One can ignore the uneven quality of Matt Drudge's news reporting and speculation in his online Drudge Report yet benefit from visiting the site. It contains hundreds of hyperlinks to news organizations and columnists around the world, covering politics, science, entertainment, economics, arts -- everything.

It is instructive to read the range of opinion about world affairs in publications from other countries. Concerning the Mideast Mess, for example, reach out to the Jerusalem Post or Haaretz, for the Israeli perspective and to the BBC for its Arab-leaning coverage. And most days I make it a point to read one or two different American liberal and conservative columnists -- just to stay in touch. -- FJV

A new Right Blog
Political commentator
Tucker Carlson has mounted an apparently Right-leaning website named The Daily Caller. A first look reveals a format similar to the Left-leaning Huffington Post, without Arianna's excessive celebrity/entertainment content. Give it a look.

Comparing the two sites provides insight into media bias, or at least predilection. Much of the material will be from identical wire services, so the headline assigned to those pieces gives a hint. The selection of which wire service pieces to use or ignore provides another hint. And, of course,  the original material by Tucker and his selected contributors says a lot about the site's corporate mindset. -- Jan 2010

Sarah Palin on Fox News
Smart move. Smart for Fox, because -- love her or hate her -- Palin will draw viewers. Smart for Sarah, because -- whether or not she hopes to run for President -- the Fox work will require studying issues and dealing with personages in the unparalleled learning arena of news gathering and analysis.

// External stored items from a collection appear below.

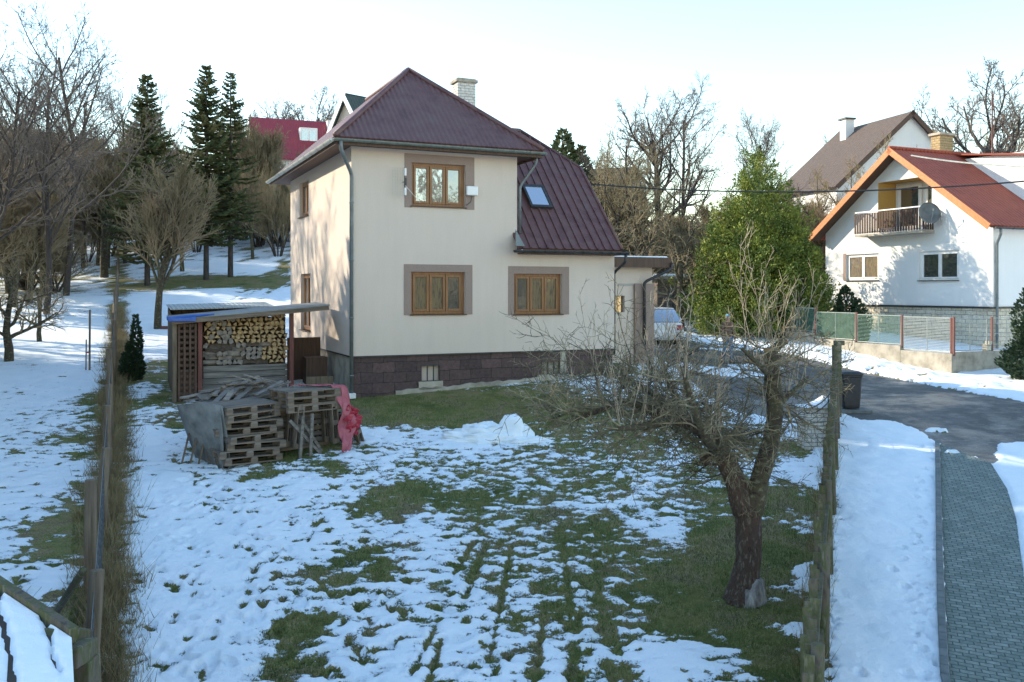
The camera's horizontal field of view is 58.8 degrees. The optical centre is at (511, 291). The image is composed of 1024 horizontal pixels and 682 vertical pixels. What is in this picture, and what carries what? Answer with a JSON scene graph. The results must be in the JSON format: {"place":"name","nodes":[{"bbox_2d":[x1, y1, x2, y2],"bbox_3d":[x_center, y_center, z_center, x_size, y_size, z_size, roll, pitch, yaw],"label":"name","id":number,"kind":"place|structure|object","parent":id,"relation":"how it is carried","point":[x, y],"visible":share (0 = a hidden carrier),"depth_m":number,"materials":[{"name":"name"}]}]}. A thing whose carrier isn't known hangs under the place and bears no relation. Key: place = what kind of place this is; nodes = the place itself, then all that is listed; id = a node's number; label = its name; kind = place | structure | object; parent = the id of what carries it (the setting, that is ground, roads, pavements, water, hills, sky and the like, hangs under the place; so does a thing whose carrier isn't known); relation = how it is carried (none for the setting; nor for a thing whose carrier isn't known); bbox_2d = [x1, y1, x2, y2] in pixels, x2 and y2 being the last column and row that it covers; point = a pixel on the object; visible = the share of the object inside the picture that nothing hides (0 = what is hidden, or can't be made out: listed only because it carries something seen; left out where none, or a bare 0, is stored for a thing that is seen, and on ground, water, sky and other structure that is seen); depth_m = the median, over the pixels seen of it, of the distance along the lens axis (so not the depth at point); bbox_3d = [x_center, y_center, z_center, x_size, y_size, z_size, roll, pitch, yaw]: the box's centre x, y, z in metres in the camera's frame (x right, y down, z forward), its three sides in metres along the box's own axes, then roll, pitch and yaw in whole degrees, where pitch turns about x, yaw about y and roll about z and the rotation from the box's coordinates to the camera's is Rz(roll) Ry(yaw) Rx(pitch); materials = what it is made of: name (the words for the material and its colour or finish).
{"place":"outdoors","nodes":[
{"label":"outdoors","id":0,"kind":"place"},
{"bbox_2d":[68,394,817,681],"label":"grass","id":1,"kind":"structure","parent":0,"point":[538,672],"depth_m":12.87,"materials":[{"name":"green plant"}]},
{"bbox_2d":[0,226,1023,681],"bbox_3d":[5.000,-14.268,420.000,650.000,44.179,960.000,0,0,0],"label":"ground","id":2,"kind":"structure","parent":0,"point":[884,610],"depth_m":14.16,"materials":[{"name":"white snow"}]},
{"bbox_2d":[0,197,40,261],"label":"bush","id":3,"kind":"object","parent":2,"relation":"on","point":[19,239],"visible":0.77,"depth_m":40.01,"materials":[{"name":"brown plant"}]},
{"bbox_2d":[0,196,54,306],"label":"bush","id":4,"kind":"object","parent":2,"relation":"on","point":[17,277],"visible":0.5,"depth_m":41.45,"materials":[{"name":"brown plant"}]},
{"bbox_2d":[0,255,68,361],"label":"fruit tree","id":5,"kind":"object","parent":2,"relation":"on","point":[7,335],"visible":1,"depth_m":29.09,"materials":[{"name":"brown plant"}]},
{"bbox_2d":[0,576,78,681],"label":"shed","id":6,"kind":"structure","parent":2,"relation":"on","point":[31,650],"depth_m":6.72,"materials":[{"name":"white wood"}]},
{"bbox_2d":[73,653,99,681],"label":"timber","id":7,"kind":"object","parent":6,"relation":"on","point":[89,671],"visible":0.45,"depth_m":6.92,"materials":[{"name":"grey wood"}]},
{"bbox_2d":[72,637,97,668],"bbox_3d":[-3.321,2.749,6.900,0.200,0.215,0.424,0,0,-5],"label":"timber","id":8,"kind":"object","parent":7,"relation":"on","point":[84,650],"visible":0.61,"depth_m":6.85,"materials":[{"name":"grey wood"}]},
{"bbox_2d":[0,52,79,166],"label":"bare tree","id":9,"kind":"object","parent":2,"relation":"on","point":[14,76],"visible":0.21,"depth_m":58.25,"materials":[{"name":"brown plant"}]},
{"bbox_2d":[2,180,78,303],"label":"bare tree","id":10,"kind":"object","parent":2,"relation":"on","point":[38,240],"visible":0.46,"depth_m":42.61,"materials":[{"name":"brown plant"}]},
{"bbox_2d":[12,270,70,341],"bbox_3d":[-17.118,0.568,32.946,2.140,2.757,1.613,0,0,-18],"label":"fruit tree","id":11,"kind":"object","parent":2,"relation":"on","point":[38,336],"visible":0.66,"depth_m":32.85,"materials":[{"name":"brown plant"}]},
{"bbox_2d":[0,231,99,292],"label":"bush","id":12,"kind":"object","parent":2,"relation":"on","point":[74,263],"visible":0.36,"depth_m":46.51,"materials":[{"name":"brown plant"}]},
{"bbox_2d":[0,25,100,232],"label":"bare tree","id":13,"kind":"object","parent":2,"relation":"on","point":[6,169],"visible":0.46,"depth_m":39.14,"materials":[{"name":"brown plant"}]},
{"bbox_2d":[22,221,81,294],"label":"bush","id":14,"kind":"object","parent":2,"relation":"on","point":[62,253],"visible":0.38,"depth_m":44.65,"materials":[{"name":"plant"}]},
{"bbox_2d":[0,34,117,239],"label":"bare tree","id":15,"kind":"object","parent":2,"relation":"on","point":[9,191],"visible":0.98,"depth_m":36.85,"materials":[{"name":"brown plant"}]},
{"bbox_2d":[0,21,131,313],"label":"bare tree","id":16,"kind":"object","parent":2,"relation":"on","point":[49,241],"visible":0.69,"depth_m":39.69,"materials":[{"name":"brown plant"}]},
{"bbox_2d":[40,60,122,267],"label":"bare tree","id":17,"kind":"object","parent":2,"relation":"on","point":[84,222],"visible":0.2,"depth_m":56.06,"materials":[{"name":"brown plant"}]},
{"bbox_2d":[53,251,119,681],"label":"wire fence","id":18,"kind":"object","parent":2,"relation":"on","point":[92,572],"visible":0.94,"depth_m":11.48,"materials":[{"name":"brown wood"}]},
{"bbox_2d":[0,0,174,295],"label":"bare tree","id":19,"kind":"object","parent":2,"relation":"on","point":[67,281],"visible":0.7,"depth_m":43.01,"materials":[{"name":"brown plant"}]},
{"bbox_2d":[32,123,144,277],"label":"bare tree","id":20,"kind":"object","parent":2,"relation":"on","point":[113,174],"visible":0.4,"depth_m":52.19,"materials":[{"name":"brown plant"}]},
{"bbox_2d":[58,152,140,265],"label":"bare tree","id":21,"kind":"object","parent":2,"relation":"on","point":[98,227],"visible":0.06,"depth_m":56.32,"materials":[{"name":"plant"}]},
{"bbox_2d":[53,304,164,681],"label":"dry grass","id":22,"kind":"structure","parent":2,"relation":"on","point":[117,500],"depth_m":13.45,"materials":[{"name":"brown plant"}]},
{"bbox_2d":[118,314,146,380],"bbox_3d":[-10.891,1.697,26.052,0.703,2.119,0.650,0,0,22],"label":"columnar thuja","id":23,"kind":"object","parent":2,"relation":"on","point":[132,363],"visible":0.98,"depth_m":25.97,"materials":[{"name":"green plant"}]},
{"bbox_2d":[91,74,177,263],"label":"bare tree","id":24,"kind":"object","parent":2,"relation":"on","point":[165,170],"visible":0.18,"depth_m":58.23,"materials":[{"name":"brown plant"}]},
{"bbox_2d":[98,74,190,285],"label":"spruce","id":25,"kind":"object","parent":2,"relation":"on","point":[152,152],"visible":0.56,"depth_m":48.70,"materials":[{"name":"green plant"}]},
{"bbox_2d":[115,86,190,178],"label":"bare tree","id":26,"kind":"object","parent":2,"relation":"on","point":[175,127],"visible":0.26,"depth_m":61.89,"materials":[{"name":"brown plant"}]},
{"bbox_2d":[112,147,225,328],"bbox_3d":[-13.889,-1.973,36.681,4.598,7.364,3.722,0,0,45],"label":"round tree","id":27,"kind":"object","parent":2,"relation":"on","point":[175,234],"visible":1,"depth_m":35.99,"materials":[{"name":"brown plant"}]},
{"bbox_2d":[177,402,223,468],"bbox_3d":[-6.004,2.795,17.664,1.203,1.319,0.428,0,0,40],"label":"fibre sheet","id":28,"kind":"object","parent":2,"relation":"on","point":[201,421],"visible":0.89,"depth_m":17.63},
{"bbox_2d":[169,65,243,279],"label":"spruce","id":29,"kind":"object","parent":2,"relation":"on","point":[201,103],"visible":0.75,"depth_m":51.16,"materials":[{"name":"green plant"}]},
{"bbox_2d":[203,70,265,276],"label":"spruce","id":30,"kind":"object","parent":2,"relation":"on","point":[239,126],"visible":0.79,"depth_m":52.59,"materials":[{"name":"green plant"}]},
{"bbox_2d":[207,450,282,465],"bbox_3d":[-5.264,3.280,17.939,1.213,0.144,0.801,2,-3,-42],"label":"pallet","id":31,"kind":"object","parent":2,"relation":"on","point":[229,461],"visible":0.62,"depth_m":17.72,"materials":[{"name":"brown wood"}]},
{"bbox_2d":[206,442,279,459],"bbox_3d":[-5.296,3.142,17.883,1.213,0.144,0.801,2,-1,-37],"label":"pallet","id":32,"kind":"object","parent":31,"relation":"on","point":[222,455],"visible":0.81,"depth_m":17.63,"materials":[{"name":"brown wood"}]},
{"bbox_2d":[224,435,286,450],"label":"pallet","id":33,"kind":"object","parent":32,"relation":"on","point":[280,442],"visible":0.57,"depth_m":17.81,"materials":[{"name":"brown wood"}]},
{"bbox_2d":[223,428,283,444],"bbox_3d":[-5.258,2.866,17.973,0.801,0.144,1.213,-1,-1,40],"label":"pallet","id":34,"kind":"object","parent":33,"relation":"on","point":[232,440],"visible":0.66,"depth_m":17.77,"materials":[{"name":"brown wood"}]},
{"bbox_2d":[213,421,276,436],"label":"pallet","id":35,"kind":"object","parent":34,"relation":"on","point":[272,428],"visible":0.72,"depth_m":17.90,"materials":[{"name":"brown wood"}]},
{"bbox_2d":[224,414,282,429],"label":"pallet","id":36,"kind":"object","parent":35,"relation":"on","point":[278,421],"visible":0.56,"depth_m":17.94,"materials":[{"name":"brown wood"}]},
{"bbox_2d":[224,406,280,423],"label":"pallet","id":37,"kind":"object","parent":36,"relation":"on","point":[251,416],"visible":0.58,"depth_m":17.83,"materials":[{"name":"brown wood"}]},
{"bbox_2d":[209,397,279,415],"bbox_3d":[-5.340,2.284,18.042,0.801,0.144,1.213,4,3,41],"label":"pallet","id":38,"kind":"object","parent":37,"relation":"on","point":[251,404],"visible":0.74,"depth_m":17.94,"materials":[{"name":"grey wood"}]},
{"bbox_2d":[194,393,246,401],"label":"pallet","id":39,"kind":"object","parent":38,"relation":"on","point":[200,397],"visible":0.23,"depth_m":18.62,"materials":[{"name":"wood"}]},
{"bbox_2d":[220,376,279,399],"bbox_3d":[-5.476,2.136,19.267,0.801,0.144,1.213,25,15,18],"label":"pile","id":40,"kind":"object","parent":39,"relation":"on","point":[247,395],"visible":0.42,"depth_m":19.14,"materials":[{"name":"grey wood"}]},
{"bbox_2d":[166,302,329,402],"bbox_3d":[-7.457,1.657,25.275,4.032,2.686,3.452,0,0,-24],"label":"woodshed","id":41,"kind":"object","parent":2,"relation":"on","point":[188,371],"visible":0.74,"depth_m":24.14,"materials":[{"name":"brown wood"}]},
{"bbox_2d":[233,166,264,258],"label":"round tree","id":42,"kind":"object","parent":2,"relation":"on","point":[253,189],"visible":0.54,"depth_m":59.27,"materials":[{"name":"brown plant"}]},
{"bbox_2d":[233,113,286,238],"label":"bare tree","id":43,"kind":"object","parent":2,"relation":"on","point":[267,138],"visible":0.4,"depth_m":67.50,"materials":[{"name":"plant"}]},
{"bbox_2d":[235,124,290,240],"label":"bush","id":44,"kind":"object","parent":2,"relation":"on","point":[257,149],"visible":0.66,"depth_m":66.90,"materials":[{"name":"brown plant"}]},
{"bbox_2d":[236,169,290,256],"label":"bush","id":45,"kind":"object","parent":2,"relation":"on","point":[266,217],"visible":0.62,"depth_m":60.26,"materials":[{"name":"brown plant"}]},
{"bbox_2d":[247,116,331,170],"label":"red house","id":46,"kind":"structure","parent":2,"relation":"on","point":[301,133],"depth_m":84.50,"materials":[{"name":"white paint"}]},
{"bbox_2d":[279,405,304,448],"bbox_3d":[-4.518,2.728,18.531,0.144,0.874,0.801,8,-5,-41],"label":"pallet","id":47,"kind":"object","parent":2,"relation":"on","point":[292,436],"visible":0.48,"depth_m":18.43,"materials":[{"name":"brown wood"}]},
{"bbox_2d":[270,408,328,450],"bbox_3d":[-4.423,2.886,18.949,1.213,0.801,0.144,0,-13,-42],"label":"pallet","id":48,"kind":"object","parent":2,"relation":"on","point":[315,427],"visible":0.23,"depth_m":19.05,"materials":[{"name":"brown wood"}]},
{"bbox_2d":[263,86,338,121],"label":"bare tree","id":49,"kind":"object","parent":2,"relation":"on","point":[318,112],"visible":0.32,"depth_m":104.29,"materials":[{"name":"brown plant"}]},
{"bbox_2d":[287,337,319,379],"bbox_3d":[-6.002,2.009,26.207,0.950,1.350,0.060,0,0,-24],"label":"board screen","id":50,"kind":"object","parent":2,"relation":"on","point":[306,346],"visible":0.49,"depth_m":26.15,"materials":[{"name":"brown wood"}]},
{"bbox_2d":[303,356,326,383],"bbox_3d":[-5.564,2.298,25.659,0.600,0.900,0.500,0,0,-24],"label":"dark crate","id":51,"kind":"object","parent":2,"relation":"on","point":[314,366],"visible":0.56,"depth_m":25.44,"materials":[{"name":"brown wood"}]},
{"bbox_2d":[314,398,339,443],"bbox_3d":[-3.904,2.716,19.074,0.144,0.874,0.801,-5,3,-41],"label":"pallet","id":52,"kind":"object","parent":2,"relation":"on","point":[330,419],"visible":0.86,"depth_m":18.99,"materials":[{"name":"brown wood"}]},
{"bbox_2d":[271,399,341,413],"bbox_3d":[-4.250,2.369,18.770,1.213,0.144,0.801,0,0,-40],"label":"pallet","id":53,"kind":"object","parent":52,"relation":"on","point":[292,409],"visible":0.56,"depth_m":18.47,"materials":[{"name":"brown wood"}]},
{"bbox_2d":[270,392,340,405],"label":"pallet","id":54,"kind":"object","parent":53,"relation":"on","point":[303,401],"visible":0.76,"depth_m":18.55,"materials":[{"name":"brown wood"}]},
{"bbox_2d":[269,386,340,398],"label":"pallet","id":55,"kind":"object","parent":54,"relation":"on","point":[301,391],"visible":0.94,"depth_m":18.57,"materials":[{"name":"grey wood"}]},
{"bbox_2d":[296,384,356,451],"bbox_3d":[-3.941,2.624,18.950,1.407,1.354,0.528,0,0,21],"label":"red tarpaulin","id":56,"kind":"object","parent":55,"relation":"hanging from","point":[345,434],"visible":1,"depth_m":18.80,"materials":[{"name":"red plastic"}]},
{"bbox_2d":[327,92,365,131],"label":"green roofed house","id":57,"kind":"structure","parent":2,"relation":"on","point":[348,104],"depth_m":62.15,"materials":[{"name":"beige paint"}]},
{"bbox_2d":[266,67,629,399],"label":"house","id":58,"kind":"structure","parent":2,"relation":"on","point":[429,286],"depth_m":25.19,"materials":[{"name":"beige paint"}]},
{"bbox_2d":[299,274,310,331],"bbox_3d":[-6.565,0.363,29.100,0.220,1.834,1.575,0,0,-24],"label":"window","id":59,"kind":"structure","parent":58,"relation":"in","point":[306,276],"depth_m":29.39,"materials":[{"name":"brown wood"}]},
{"bbox_2d":[420,364,440,381],"bbox_3d":[-2.240,2.226,24.702,0.590,0.493,0.170,0,0,-24],"label":"cellar window","id":60,"kind":"structure","parent":58,"relation":"in","point":[429,372],"depth_m":24.71,"materials":[{"name":"white glass"}]},
{"bbox_2d":[410,272,466,315],"bbox_3d":[-2.020,0.067,24.730,1.623,1.177,0.220,0,0,-24],"label":"window","id":61,"kind":"structure","parent":58,"relation":"in","point":[432,293],"depth_m":24.79,"materials":[{"name":"brown wood"}]},
{"bbox_2d":[411,163,466,208],"bbox_3d":[-2.010,-2.862,24.735,1.605,1.195,0.220,0,0,-24],"label":"window","id":62,"kind":"structure","parent":58,"relation":"in","point":[434,185],"depth_m":24.79,"materials":[{"name":"brown wood"}]},
{"bbox_2d":[513,274,563,315],"bbox_3d":[0.725,0.097,25.962,1.580,1.181,0.220,0,0,-24],"label":"window","id":63,"kind":"structure","parent":58,"relation":"in","point":[534,294],"depth_m":26.03,"materials":[{"name":"brown wood"}]},
{"bbox_2d":[590,180,1023,192],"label":"overhead cable","id":64,"kind":"object","parent":58,"relation":"attached to","point":[813,191],"visible":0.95,"depth_m":26.21,"materials":[{"name":"metal"}]},
{"bbox_2d":[441,413,554,445],"bbox_3d":[-0.312,2.985,19.633,2.643,0.675,1.058,0,0,8],"label":"snow heap","id":65,"kind":"object","parent":2,"relation":"on","point":[479,433],"visible":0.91,"depth_m":19.44,"materials":[{"name":"white snow"}]},
{"bbox_2d":[550,127,599,192],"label":"pine","id":66,"kind":"object","parent":2,"relation":"on","point":[572,155],"visible":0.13,"depth_m":61.64,"materials":[{"name":"green plant"}]},
{"bbox_2d":[588,130,662,242],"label":"bare tree","id":67,"kind":"object","parent":2,"relation":"on","point":[600,181],"visible":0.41,"depth_m":51.30,"materials":[{"name":"brown plant"}]},
{"bbox_2d":[594,153,660,255],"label":"bush","id":68,"kind":"object","parent":2,"relation":"on","point":[617,215],"visible":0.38,"depth_m":49.87,"materials":[{"name":"brown plant"}]},
{"bbox_2d":[614,222,667,287],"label":"fruit tree","id":69,"kind":"object","parent":2,"relation":"on","point":[644,248],"visible":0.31,"depth_m":42.90,"materials":[{"name":"brown plant"}]},
{"bbox_2d":[612,256,673,363],"bbox_3d":[2.466,1.020,32.343,3.727,4.360,6.089,0,0,-24],"label":"annex","id":70,"kind":"object","parent":2,"relation":"on","point":[631,271],"visible":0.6,"depth_m":30.20,"materials":[{"name":"beige paint"}]},
{"bbox_2d":[604,138,695,256],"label":"bare tree","id":71,"kind":"object","parent":2,"relation":"on","point":[639,231],"visible":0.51,"depth_m":49.77,"materials":[{"name":"brown plant"}]},
{"bbox_2d":[593,150,708,273],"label":"bush","id":72,"kind":"object","parent":2,"relation":"on","point":[637,210],"visible":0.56,"depth_m":48.57,"materials":[{"name":"brown plant"}]},
{"bbox_2d":[598,85,719,224],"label":"bare tree","id":73,"kind":"object","parent":2,"relation":"on","point":[635,138],"visible":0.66,"depth_m":61.62,"materials":[{"name":"brown plant"}]},
{"bbox_2d":[485,219,858,608],"bbox_3d":[2.323,1.596,11.876,5.897,5.044,4.031,0,0,-24],"label":"apple tree","id":74,"kind":"object","parent":2,"relation":"on","point":[746,583],"visible":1,"depth_m":11.54,"materials":[{"name":"brown plant"}]},
{"bbox_2d":[657,221,703,273],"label":"bush","id":75,"kind":"object","parent":2,"relation":"on","point":[672,238],"visible":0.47,"depth_m":49.74,"materials":[{"name":"brown plant"}]},
{"bbox_2d":[635,71,728,229],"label":"bare tree","id":76,"kind":"object","parent":2,"relation":"on","point":[682,180],"visible":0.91,"depth_m":57.88,"materials":[{"name":"brown plant"}]},
{"bbox_2d":[644,211,729,330],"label":"fruit tree","id":77,"kind":"object","parent":2,"relation":"on","point":[680,286],"visible":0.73,"depth_m":40.86,"materials":[{"name":"brown plant"}]},
{"bbox_2d":[667,144,842,337],"bbox_3d":[10.954,-2.199,41.000,7.635,8.832,8.040,0,0,0],"label":"evergreen tree","id":78,"kind":"object","parent":2,"relation":"on","point":[793,254],"visible":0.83,"depth_m":39.48,"materials":[{"name":"green plant"}]},
{"bbox_2d":[713,111,798,208],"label":"bare tree","id":79,"kind":"object","parent":2,"relation":"on","point":[764,142],"visible":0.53,"depth_m":55.81,"materials":[{"name":"brown plant"}]},
{"bbox_2d":[724,107,816,210],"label":"bare tree","id":80,"kind":"object","parent":2,"relation":"on","point":[745,144],"visible":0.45,"depth_m":56.32,"materials":[{"name":"brown plant"}]},
{"bbox_2d":[782,164,844,248],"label":"bare tree","id":81,"kind":"object","parent":2,"relation":"on","point":[824,203],"visible":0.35,"depth_m":48.90,"materials":[{"name":"brown plant"}]},
{"bbox_2d":[783,427,844,681],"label":"dry grass","id":82,"kind":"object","parent":2,"relation":"on","point":[814,498],"visible":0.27,"depth_m":12.33,"materials":[{"name":"brown plant"}]},
{"bbox_2d":[795,389,833,449],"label":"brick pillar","id":83,"kind":"structure","parent":2,"relation":"on","point":[823,406],"depth_m":18.83,"materials":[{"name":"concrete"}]},
{"bbox_2d":[800,340,844,681],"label":"picket fence","id":84,"kind":"object","parent":2,"relation":"on","point":[814,641],"visible":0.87,"depth_m":10.14,"materials":[{"name":"brown wood"}]},
{"bbox_2d":[819,284,872,342],"bbox_3d":[13.750,1.028,37.485,2.259,2.670,1.568,0,0,0],"label":"young evergreen","id":85,"kind":"object","parent":2,"relation":"on","point":[847,293],"visible":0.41,"depth_m":37.29,"materials":[{"name":"green plant"}]},
{"bbox_2d":[781,110,932,216],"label":"grey tiled house","id":86,"kind":"structure","parent":2,"relation":"on","point":[911,129],"depth_m":62.74,"materials":[{"name":"grey tile"}]},
{"bbox_2d":[750,329,1020,372],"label":"garden wall","id":87,"kind":"structure","parent":2,"relation":"on","point":[963,361],"depth_m":31.96,"materials":[{"name":"concrete"}]},
{"bbox_2d":[752,305,1019,355],"bbox_3d":[13.975,1.390,37.760,3.532,1.660,13.232,0,0,-24],"label":"garden fence","id":88,"kind":"object","parent":87,"relation":"on","point":[839,329],"visible":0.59,"depth_m":33.59,"materials":[{"name":"metal"}]},
{"bbox_2d":[807,91,1023,348],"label":"neighbour house","id":89,"kind":"structure","parent":2,"relation":"on","point":[890,252],"depth_m":39.19,"materials":[{"name":"white paint"}]},
{"bbox_2d":[844,253,878,280],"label":"window","id":90,"kind":"structure","parent":89,"relation":"in","point":[861,267],"depth_m":42.27,"materials":[{"name":"white paint"}]},
{"bbox_2d":[898,183,921,226],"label":"balcony door","id":91,"kind":"structure","parent":89,"relation":"in","point":[913,197],"depth_m":40.99,"materials":[{"name":"white paint"}]},
{"bbox_2d":[919,202,940,222],"bbox_3d":[17.601,-3.238,38.028,0.999,0.991,0.648,0,0,-24],"label":"satellite dish","id":92,"kind":"object","parent":89,"relation":"attached to","point":[929,212],"visible":1,"depth_m":38.10,"materials":[{"name":"grey paint"}]},
{"bbox_2d":[917,250,958,280],"bbox_3d":[18.031,-1.065,38.377,0.250,1.272,2.058,0,0,-24],"label":"window","id":93,"kind":"structure","parent":89,"relation":"in","point":[935,265],"depth_m":38.37,"materials":[{"name":"white paint"}]},
{"bbox_2d":[935,440,950,681],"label":"kerb","id":94,"kind":"structure","parent":2,"relation":"on","point":[943,654],"depth_m":12.17,"materials":[{"name":"concrete"}]},
{"bbox_2d":[906,56,1023,152],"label":"bare tree","id":95,"kind":"object","parent":2,"relation":"on","point":[1012,143],"visible":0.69,"depth_m":61.34,"materials":[{"name":"brown plant"}]},
{"bbox_2d":[994,287,1023,379],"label":"clipped yew","id":96,"kind":"object","parent":2,"relation":"on","point":[1010,368],"visible":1,"depth_m":29.41,"materials":[{"name":"green plant"}]},
{"bbox_2d":[0,0,1023,222],"label":"sky","id":97,"kind":"structure","parent":0,"point":[540,67],"materials":[{"name":"white"}]},
{"bbox_2d":[652,274,697,318],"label":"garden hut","id":98,"kind":"object","parent":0,"point":[659,301],"visible":0.08,"depth_m":44.69,"materials":[{"name":"grey wood"}]},
{"bbox_2d":[654,340,1023,465],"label":"road","id":99,"kind":"structure","parent":0,"point":[979,426],"depth_m":23.24,"materials":[{"name":"grey asphalt"}]},
{"bbox_2d":[654,307,683,343],"bbox_3d":[5.694,1.410,37.483,1.760,1.474,4.175,0,0,-6],"label":"parked car","id":100,"kind":"object","parent":99,"relation":"on","point":[658,318],"visible":0.38,"depth_m":35.57,"materials":[{"name":"white paint"}]},
{"bbox_2d":[842,407,872,413],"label":"bin slab","id":101,"kind":"structure","parent":99,"relation":"on","point":[861,410],"depth_m":22.27,"materials":[{"name":"concrete"}]},
{"bbox_2d":[842,370,863,407],"bbox_3d":[8.402,2.448,22.583,0.530,0.940,0.609,0,0,9],"label":"wheelie bin","id":102,"kind":"object","parent":101,"relation":"on","point":[853,399],"visible":0.72,"depth_m":22.35,"materials":[{"name":"black plastic"}]},
{"bbox_2d":[940,444,1023,681],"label":"path","id":103,"kind":"structure","parent":0,"point":[984,583],"depth_m":12.54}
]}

We'll see for ourselves whether she grows enough intellectually to convince those skeptics who insist she'll never be more than just an attractive cheer-leader.

If Palin maintains her home in Alaska, she may run for U.S. Senator. If she moves her family to the Mainland, that will increase the suspicion that she'll be using her Fox News experience as the part of her preparation to run for President -- Jan 2010

 

 

More on Media Bias
In 1970, using a fictitious riot on an imaginary university campus,  I wrote a piece about newspaper bias which was reprinted here and there around the country. The writing was titled "How To Identify Biased Writing, and it carried this introduction:

These five simulated reports of a campus disturbance illustrate the ways in which writers with a bias can alter the emotive tone and impression of a news report:
* Omit some details, exaggerate others.
* Use emotive terms, especially a lot of adjectives.
* Tell a lie.

I created a brief column which I labeled "neutral" and I then wrote the same piece from the far left, slightly left, slightly right, and far right. Here are those 1970 examples of biased writing.

NEUTRAL

Nine dead at ROTC confrontation

Six students and three policemen were killed during a confrontation at the University of Id this morning.

Approximately 500 students and outsiders at the 40,000-student university stormed police lines which had been set up to prevent the protesters from approaching the campus ROTC building. Leaders of the militant students had promised publicly that, "ROTC won't be standing tonight."

At first, several of the demonstrators attempted to arch firebombs over the police lines toward the building. The police doused the students with water from fire hoses.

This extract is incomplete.